The thirst of oil and gas companies for more and efficient access to fossil fuels has led the industry to find new development approaches for new production techniques. In this work, a system has been presented for accurate measurement of the volumetric percentages in two-phase flows independent of the flow pattern, in which an X-ray tube, a Pyrex-glass, and a sodium iodide detector, have been used. The different volume percentages of the three flow regimes have been simulated and the data obtained from each of them have been recorded. Five characteristics in the time-domain were acquired and deemed as the inputs of the multilayer perceptron. The capability for the proposed networks to classify the flow patterns with 100% accuracy and acquire the void percentages precisely with respect to the recorded values of 0.51 for RMSE and 1.16 for MAPE, represents the success of the approach presented in this work.
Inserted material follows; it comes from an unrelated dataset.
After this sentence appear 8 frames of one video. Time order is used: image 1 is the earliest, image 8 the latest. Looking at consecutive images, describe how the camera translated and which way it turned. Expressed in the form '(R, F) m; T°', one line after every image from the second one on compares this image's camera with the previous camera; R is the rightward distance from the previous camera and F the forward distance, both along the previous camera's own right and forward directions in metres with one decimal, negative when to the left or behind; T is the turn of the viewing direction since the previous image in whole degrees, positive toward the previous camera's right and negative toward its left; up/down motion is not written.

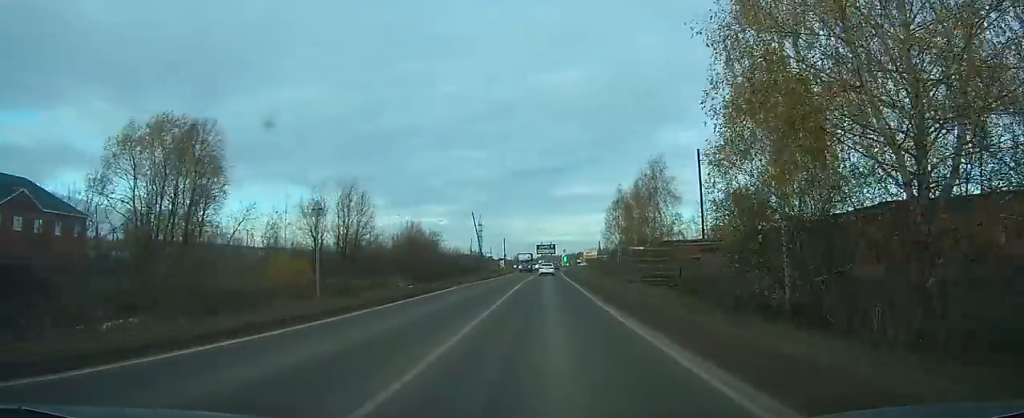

The precision of the proposed X-ray-based system in this paper is significantly higher than all of the previous meters in this category. In addition, this meter has a safer and easier mechanism than other, radiation-based meters. The usage of appropriate soft computing methods and the suitable radiation source were the reason of this achievement.

Although the obtained results in this study are promising, the proposed methodology has been investigated for two-phase flow in static conditions. For future studies, it is planned to implement the proposed methodology for dynamic two-phase flows.